PROBLEM TO SOLVE
From the entries below, return every line that includes the word "high".

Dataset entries

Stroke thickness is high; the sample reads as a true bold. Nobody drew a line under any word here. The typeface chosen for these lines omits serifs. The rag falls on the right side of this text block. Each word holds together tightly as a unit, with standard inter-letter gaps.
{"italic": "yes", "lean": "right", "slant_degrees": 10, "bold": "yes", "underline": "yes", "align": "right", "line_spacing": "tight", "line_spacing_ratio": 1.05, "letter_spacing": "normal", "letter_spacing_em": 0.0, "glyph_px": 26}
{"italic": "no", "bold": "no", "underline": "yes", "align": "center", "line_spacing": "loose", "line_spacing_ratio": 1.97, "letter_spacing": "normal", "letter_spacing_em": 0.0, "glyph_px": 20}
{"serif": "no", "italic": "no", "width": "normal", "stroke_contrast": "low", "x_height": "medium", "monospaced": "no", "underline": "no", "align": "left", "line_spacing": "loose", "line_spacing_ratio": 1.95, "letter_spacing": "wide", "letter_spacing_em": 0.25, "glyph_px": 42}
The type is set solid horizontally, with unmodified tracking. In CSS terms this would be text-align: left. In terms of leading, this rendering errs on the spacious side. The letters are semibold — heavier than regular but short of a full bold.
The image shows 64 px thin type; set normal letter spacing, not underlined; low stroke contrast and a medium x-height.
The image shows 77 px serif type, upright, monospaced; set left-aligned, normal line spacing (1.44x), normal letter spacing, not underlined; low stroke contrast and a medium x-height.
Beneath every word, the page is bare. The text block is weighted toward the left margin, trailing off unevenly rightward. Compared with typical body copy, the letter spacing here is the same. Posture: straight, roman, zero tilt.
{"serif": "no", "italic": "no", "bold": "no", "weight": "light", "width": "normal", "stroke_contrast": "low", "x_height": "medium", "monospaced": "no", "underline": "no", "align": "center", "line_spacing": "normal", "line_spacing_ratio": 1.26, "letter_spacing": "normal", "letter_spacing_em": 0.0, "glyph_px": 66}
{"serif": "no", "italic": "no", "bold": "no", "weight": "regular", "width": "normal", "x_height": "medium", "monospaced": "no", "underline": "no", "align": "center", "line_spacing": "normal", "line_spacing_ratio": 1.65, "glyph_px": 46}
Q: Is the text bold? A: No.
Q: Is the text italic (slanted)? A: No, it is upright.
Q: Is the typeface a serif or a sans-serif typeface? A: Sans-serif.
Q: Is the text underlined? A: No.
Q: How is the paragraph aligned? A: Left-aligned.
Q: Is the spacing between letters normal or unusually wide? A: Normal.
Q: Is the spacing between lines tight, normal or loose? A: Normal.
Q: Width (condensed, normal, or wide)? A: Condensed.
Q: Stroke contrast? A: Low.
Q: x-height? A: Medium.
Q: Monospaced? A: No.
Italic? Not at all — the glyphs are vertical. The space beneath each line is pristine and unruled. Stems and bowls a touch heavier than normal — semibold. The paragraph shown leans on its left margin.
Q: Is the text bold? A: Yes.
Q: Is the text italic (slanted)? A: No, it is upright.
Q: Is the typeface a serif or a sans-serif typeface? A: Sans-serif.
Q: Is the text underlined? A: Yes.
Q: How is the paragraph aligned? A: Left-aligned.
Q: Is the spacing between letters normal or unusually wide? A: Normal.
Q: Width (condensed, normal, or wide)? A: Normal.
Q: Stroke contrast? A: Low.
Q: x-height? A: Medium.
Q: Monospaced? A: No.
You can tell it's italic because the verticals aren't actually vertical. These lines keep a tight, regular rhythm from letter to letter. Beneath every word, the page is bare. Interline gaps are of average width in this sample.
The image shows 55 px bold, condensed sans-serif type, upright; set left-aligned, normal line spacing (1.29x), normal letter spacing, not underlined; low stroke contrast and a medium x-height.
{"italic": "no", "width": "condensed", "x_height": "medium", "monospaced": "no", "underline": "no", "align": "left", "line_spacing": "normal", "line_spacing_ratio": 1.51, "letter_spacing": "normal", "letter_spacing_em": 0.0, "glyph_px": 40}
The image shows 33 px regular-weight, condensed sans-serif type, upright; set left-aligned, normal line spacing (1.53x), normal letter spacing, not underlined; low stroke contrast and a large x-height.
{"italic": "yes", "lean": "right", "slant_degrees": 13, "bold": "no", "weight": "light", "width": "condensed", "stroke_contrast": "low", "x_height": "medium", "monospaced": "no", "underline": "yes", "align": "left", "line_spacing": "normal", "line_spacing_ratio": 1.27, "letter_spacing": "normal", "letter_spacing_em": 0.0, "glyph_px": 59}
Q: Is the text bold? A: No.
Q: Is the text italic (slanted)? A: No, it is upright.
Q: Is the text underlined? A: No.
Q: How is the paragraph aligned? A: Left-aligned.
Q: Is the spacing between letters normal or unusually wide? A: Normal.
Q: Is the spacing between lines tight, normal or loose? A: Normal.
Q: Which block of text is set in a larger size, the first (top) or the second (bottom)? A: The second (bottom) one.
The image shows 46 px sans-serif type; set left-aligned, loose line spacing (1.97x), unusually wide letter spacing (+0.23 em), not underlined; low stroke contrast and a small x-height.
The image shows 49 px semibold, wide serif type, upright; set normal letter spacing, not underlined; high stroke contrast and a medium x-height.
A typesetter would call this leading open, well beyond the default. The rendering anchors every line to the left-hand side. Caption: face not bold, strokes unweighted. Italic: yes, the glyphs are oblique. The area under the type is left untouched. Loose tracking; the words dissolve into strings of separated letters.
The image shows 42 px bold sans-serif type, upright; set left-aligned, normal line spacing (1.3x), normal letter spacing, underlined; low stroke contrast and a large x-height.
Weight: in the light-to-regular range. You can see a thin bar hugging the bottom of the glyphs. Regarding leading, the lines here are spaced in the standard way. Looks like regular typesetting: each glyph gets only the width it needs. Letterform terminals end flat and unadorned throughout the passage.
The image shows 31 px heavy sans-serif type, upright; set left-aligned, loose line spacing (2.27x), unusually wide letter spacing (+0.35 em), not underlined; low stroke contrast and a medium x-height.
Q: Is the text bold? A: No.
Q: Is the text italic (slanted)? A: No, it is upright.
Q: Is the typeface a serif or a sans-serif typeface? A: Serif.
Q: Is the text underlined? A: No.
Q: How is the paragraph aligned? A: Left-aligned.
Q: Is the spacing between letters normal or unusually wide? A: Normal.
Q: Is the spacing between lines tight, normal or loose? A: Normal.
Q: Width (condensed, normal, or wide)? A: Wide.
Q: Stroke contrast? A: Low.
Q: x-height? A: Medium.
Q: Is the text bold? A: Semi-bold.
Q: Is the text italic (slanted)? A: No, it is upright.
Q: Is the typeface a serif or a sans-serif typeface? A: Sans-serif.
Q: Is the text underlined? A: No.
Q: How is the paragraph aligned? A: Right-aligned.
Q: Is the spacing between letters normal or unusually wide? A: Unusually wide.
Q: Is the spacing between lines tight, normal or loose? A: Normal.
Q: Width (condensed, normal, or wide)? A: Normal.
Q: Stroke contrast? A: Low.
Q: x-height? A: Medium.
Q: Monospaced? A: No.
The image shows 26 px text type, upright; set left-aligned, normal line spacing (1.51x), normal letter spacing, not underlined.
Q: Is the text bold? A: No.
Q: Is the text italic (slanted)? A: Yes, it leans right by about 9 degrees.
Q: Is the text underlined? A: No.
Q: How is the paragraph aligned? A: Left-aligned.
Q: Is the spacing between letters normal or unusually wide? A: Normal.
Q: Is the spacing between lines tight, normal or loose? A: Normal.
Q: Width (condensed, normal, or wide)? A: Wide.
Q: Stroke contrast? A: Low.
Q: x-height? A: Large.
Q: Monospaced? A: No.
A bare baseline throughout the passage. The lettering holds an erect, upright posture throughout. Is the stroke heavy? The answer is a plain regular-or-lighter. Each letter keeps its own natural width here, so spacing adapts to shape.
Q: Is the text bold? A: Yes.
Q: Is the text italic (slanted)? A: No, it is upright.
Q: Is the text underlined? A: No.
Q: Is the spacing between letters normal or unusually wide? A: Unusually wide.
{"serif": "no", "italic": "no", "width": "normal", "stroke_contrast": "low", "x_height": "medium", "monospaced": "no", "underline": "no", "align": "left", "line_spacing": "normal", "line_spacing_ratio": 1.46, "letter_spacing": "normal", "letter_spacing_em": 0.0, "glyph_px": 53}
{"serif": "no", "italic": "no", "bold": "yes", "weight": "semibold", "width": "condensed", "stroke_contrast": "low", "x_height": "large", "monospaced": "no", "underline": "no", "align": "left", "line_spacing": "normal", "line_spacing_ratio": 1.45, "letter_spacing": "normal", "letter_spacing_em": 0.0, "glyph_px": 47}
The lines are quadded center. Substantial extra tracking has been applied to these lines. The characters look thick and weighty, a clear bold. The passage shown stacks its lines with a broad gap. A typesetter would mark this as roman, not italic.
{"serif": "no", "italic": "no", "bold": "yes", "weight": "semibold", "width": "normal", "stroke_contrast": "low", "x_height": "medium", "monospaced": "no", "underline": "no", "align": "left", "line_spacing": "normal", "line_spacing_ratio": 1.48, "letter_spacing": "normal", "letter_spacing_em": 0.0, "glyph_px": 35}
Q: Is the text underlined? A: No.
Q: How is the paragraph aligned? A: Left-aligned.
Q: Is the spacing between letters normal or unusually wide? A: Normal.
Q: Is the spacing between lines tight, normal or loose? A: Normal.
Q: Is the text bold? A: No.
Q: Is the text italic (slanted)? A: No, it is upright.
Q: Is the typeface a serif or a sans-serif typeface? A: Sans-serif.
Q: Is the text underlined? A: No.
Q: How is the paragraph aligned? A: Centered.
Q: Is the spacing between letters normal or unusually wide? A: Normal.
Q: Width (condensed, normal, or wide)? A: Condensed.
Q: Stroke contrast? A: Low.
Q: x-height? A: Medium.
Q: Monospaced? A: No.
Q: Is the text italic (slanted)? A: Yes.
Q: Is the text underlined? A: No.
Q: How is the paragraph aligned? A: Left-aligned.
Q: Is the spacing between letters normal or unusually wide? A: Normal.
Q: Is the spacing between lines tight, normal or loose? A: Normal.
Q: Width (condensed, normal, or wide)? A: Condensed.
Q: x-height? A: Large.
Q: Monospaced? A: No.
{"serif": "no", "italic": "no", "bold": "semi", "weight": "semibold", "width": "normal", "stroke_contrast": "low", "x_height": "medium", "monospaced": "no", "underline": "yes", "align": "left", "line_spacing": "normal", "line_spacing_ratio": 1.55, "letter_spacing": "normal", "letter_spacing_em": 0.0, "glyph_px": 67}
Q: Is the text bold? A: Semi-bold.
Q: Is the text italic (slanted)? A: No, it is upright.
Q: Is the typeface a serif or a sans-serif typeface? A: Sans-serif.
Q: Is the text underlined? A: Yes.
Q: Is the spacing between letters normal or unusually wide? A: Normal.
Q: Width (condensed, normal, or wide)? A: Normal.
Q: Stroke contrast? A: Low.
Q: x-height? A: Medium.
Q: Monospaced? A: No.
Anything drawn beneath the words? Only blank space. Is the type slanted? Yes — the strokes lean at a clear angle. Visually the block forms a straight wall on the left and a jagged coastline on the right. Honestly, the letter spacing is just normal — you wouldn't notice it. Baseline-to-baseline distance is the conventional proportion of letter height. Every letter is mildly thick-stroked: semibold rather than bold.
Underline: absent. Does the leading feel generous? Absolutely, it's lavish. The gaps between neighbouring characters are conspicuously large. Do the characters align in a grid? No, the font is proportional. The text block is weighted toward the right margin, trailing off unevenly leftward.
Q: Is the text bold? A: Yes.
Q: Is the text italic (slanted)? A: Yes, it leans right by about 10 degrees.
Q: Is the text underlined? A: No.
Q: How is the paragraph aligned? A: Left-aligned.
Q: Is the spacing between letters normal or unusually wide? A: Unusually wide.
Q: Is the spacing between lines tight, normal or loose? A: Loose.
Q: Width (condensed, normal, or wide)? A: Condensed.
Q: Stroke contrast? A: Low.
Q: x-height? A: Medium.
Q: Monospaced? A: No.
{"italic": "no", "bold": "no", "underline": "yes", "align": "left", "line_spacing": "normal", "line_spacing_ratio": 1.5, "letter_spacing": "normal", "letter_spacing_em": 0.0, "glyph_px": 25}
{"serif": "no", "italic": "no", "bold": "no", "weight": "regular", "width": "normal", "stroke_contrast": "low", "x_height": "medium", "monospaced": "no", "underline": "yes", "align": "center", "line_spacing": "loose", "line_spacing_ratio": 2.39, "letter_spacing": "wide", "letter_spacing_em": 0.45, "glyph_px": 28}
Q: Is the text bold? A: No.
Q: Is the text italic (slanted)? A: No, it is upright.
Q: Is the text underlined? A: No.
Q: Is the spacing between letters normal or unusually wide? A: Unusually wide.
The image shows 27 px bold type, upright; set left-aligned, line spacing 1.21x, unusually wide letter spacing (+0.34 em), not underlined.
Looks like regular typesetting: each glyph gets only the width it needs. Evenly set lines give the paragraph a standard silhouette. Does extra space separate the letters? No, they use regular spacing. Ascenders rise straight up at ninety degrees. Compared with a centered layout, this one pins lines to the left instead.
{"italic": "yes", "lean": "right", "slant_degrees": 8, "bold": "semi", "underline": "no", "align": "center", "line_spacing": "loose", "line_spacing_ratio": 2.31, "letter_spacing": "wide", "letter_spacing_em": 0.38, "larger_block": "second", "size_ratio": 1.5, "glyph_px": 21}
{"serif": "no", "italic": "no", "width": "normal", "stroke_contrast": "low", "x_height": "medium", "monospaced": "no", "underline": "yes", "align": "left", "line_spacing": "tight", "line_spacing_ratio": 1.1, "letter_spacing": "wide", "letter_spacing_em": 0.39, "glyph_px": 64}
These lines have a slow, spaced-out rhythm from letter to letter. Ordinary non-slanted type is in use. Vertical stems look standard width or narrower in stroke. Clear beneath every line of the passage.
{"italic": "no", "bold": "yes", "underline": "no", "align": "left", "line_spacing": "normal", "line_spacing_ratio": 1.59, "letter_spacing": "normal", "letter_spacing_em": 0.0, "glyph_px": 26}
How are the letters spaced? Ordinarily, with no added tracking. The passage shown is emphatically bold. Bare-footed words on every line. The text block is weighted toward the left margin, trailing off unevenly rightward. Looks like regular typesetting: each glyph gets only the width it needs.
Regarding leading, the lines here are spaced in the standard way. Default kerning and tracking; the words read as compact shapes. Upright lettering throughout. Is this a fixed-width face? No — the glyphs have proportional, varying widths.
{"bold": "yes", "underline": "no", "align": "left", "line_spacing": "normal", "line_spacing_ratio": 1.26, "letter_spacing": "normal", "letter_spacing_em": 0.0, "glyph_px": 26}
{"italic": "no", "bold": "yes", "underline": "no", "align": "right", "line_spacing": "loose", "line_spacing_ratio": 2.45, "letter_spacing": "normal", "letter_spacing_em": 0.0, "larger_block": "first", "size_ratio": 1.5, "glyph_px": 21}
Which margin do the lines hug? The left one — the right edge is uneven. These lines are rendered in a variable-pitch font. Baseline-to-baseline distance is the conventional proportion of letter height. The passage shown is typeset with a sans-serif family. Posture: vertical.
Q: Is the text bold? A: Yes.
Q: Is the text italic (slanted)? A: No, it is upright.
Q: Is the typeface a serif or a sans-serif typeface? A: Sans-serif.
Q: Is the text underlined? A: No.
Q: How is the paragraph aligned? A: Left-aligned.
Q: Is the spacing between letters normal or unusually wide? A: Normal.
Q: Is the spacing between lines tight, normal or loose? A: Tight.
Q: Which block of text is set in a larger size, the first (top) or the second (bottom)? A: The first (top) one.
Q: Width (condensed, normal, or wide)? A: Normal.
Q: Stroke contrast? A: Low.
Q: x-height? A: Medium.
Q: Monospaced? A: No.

OUTPUT FOR THIS TASK
Stroke thickness is high; the sample reads as a true bold. Nobody drew a line under any word here. The typeface chosen for these lines omits serifs. The rag falls on the right side of this text block. Each word holds together tightly as a unit, with standard inter-letter gaps.
The image shows 49 px semibold, wide serif type, upright; set normal letter spacing, not underlined; high stroke contrast and a medium x-height.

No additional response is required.